**Task to complete:** Output word for word the lines from the one with "The image shows" to the final line of the data, both ends included, but skip the pictures.

(Data shown Opens)

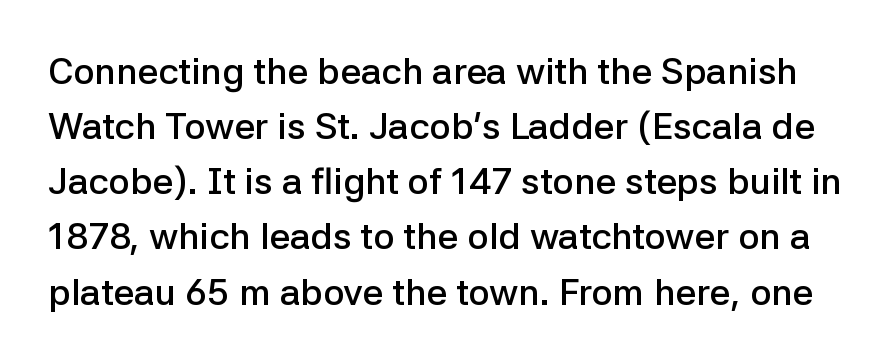
A normal amount of white space separates one row of letters from the next. Examine the stroke ends and you'll find no serifs. Tall strokes in this sample are plumb rather than angled. The glyphs have the mass of a demibold cut, below bold.
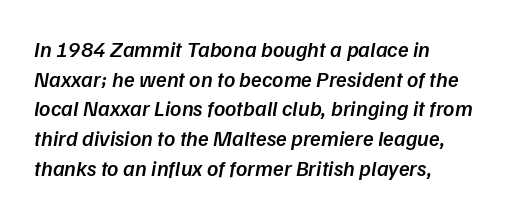
The image shows 22 px text type; set left-aligned, normal line spacing (1.35x), normal letter spacing, not underlined.
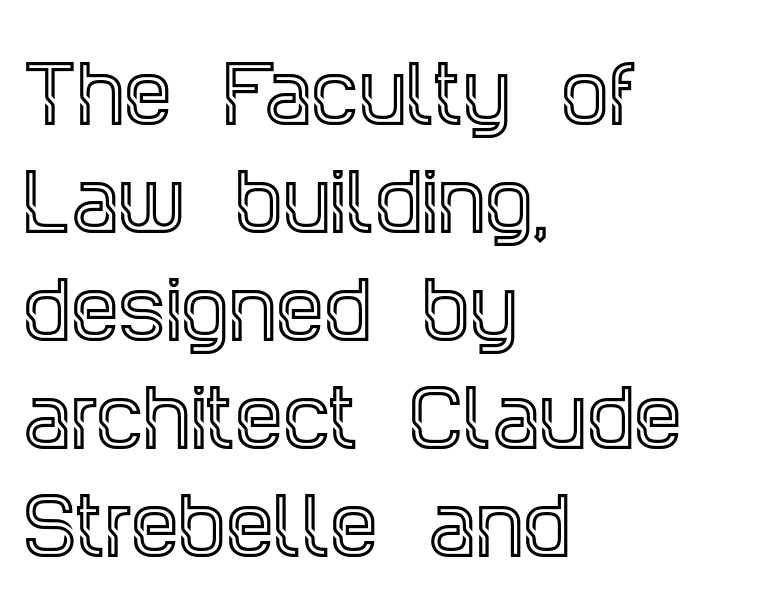
Quick note: interline space is typical. The glyphs are unaccompanied by any horizontal stroke below them. A roman cut, with each character standing at attention. Note the varied advance widths — an 'i' is clearly narrower than an 'm'. Layout note: lines flush left. Between one letter and the next there's only the usual sliver of space.
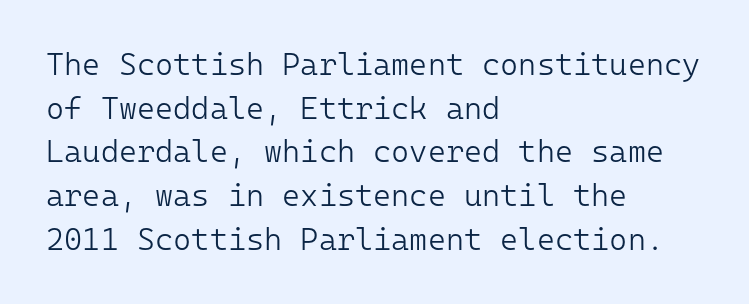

(Data shown Closes)

**Response to the exercise:**
The image shows 22 px text type; set left-aligned, normal line spacing (1.35x), normal letter spacing, not underlined.
Quick note: interline space is typical. The glyphs are unaccompanied by any horizontal stroke below them. A roman cut, with each character standing at attention. Note the varied advance widths — an 'i' is clearly narrower than an 'm'. Layout note: lines flush left. Between one letter and the next there's only the usual sliver of space.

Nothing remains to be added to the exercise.